Hervé Kempf, rédacteur de Reporterre. Photo : Wikipédia

Hervé Kempf, rédacteur de Reporterre. Photo : Wikipédia

Quand certains courent après les honneurs et les dorures de la République, d’autres les fuient tant qu’ils peuvent. C’est le cas d’Hervé Kempf : ce journaliste a tout simplement refusé la Légion d’honneur que souhaitait lui remettre Ségolène Royal. Gros plan sur un geste rare et courageux qui mérite quelques explications.

Hervé Kempf est rédacteur de Reporterre, un magazine écologiste. C’est à ce titre, et pour son « action en faveur de l’environnement et du développement durable » que Ségolène Royal, ministre de l’écologie, souhaitait l’honorer et le récompenser.

Seulement voilà, fait rarissime, le journaliste a décliné l’offre ! Pourquoi ? Hervé Kempf s’explique dans une lettre ouverte adressée à Ségolène Royal et publiée sur le site de son magazine.

Extraits :« Je vous remercie de votre attention, mais ai l’honneur de refuser cette distinction. Elle me parait tout à fait incompatible avec l’exercice du métier de journaliste, dont un principe de base est, pour assurer sa liberté, de se tenir à distance des personnes de pouvoir et d’en refuser les avantages ou distinctions qu’elles voudraient lui prodiguer. »

Dans son courrier, Hervé Kempf dénonce, pêle-mêle, la concentration de la presse française aux mains de quelques milliardaires, la loi sur le secret des affaires votée en 2015, les procès contre les médias libres, les violences policières dont sont victimes les journalistes et la mort d’une dizaine de reporters assassinés depuis 2010 à travers le monde parce qu’ils enquêtaient sur des scandales écologiques…

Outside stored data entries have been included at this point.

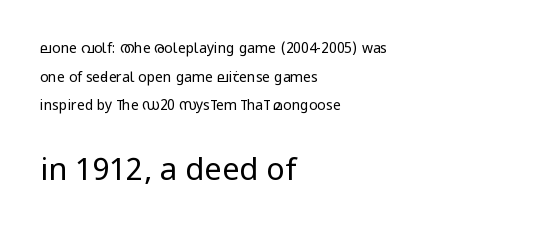
Q: Is the text bold? A: No.
Q: Is the text italic (slanted)? A: No, it is upright.
Q: Is the typeface a serif or a sans-serif typeface? A: Sans-serif.
Q: Is the text underlined? A: No.
Q: How is the paragraph aligned? A: Left-aligned.
Q: Is the spacing between letters normal or unusually wide? A: Normal.
Q: Is the spacing between lines tight, normal or loose? A: Loose.
Q: Which block of text is set in a larger size, the first (top) or the second (bottom)? A: The second (bottom) one.
Q: Width (condensed, normal, or wide)? A: Condensed.
Q: Stroke contrast? A: Low.
Q: x-height? A: Large.
Q: Monospaced? A: No.

Le journaliste Hervé Kempf refuse la Légion d'honneur de Ségolène Royal

« Tout ceci rend impossible à un journaliste, s’il lui en prenait la fantaisie, d’accepter une décoration de la part d’un gouvernement qui n’a rien fait, au contraire, pour limiter le pouvoir des oligarques et les atteintes à la liberté d’informer (…) Comment expliquez-vous qu’Aujourd’hui en France, qui appartient au milliardaire Arnault, Libération, qui appartient au milliardaire Drahi, Le Monde, qui appartient au milliardaire Niel et à ses comparses, Le Figaro, qui appartient au milliardaire Dassault, reçoivent de l’Etat respectivement 7,8 millions d’euros, 6,5 millions, 6,5 millions et 5,4 millions ? Alors que, pour prendre un exemple au hasard, Reporterre ne reçoit pas un centime de ces aides.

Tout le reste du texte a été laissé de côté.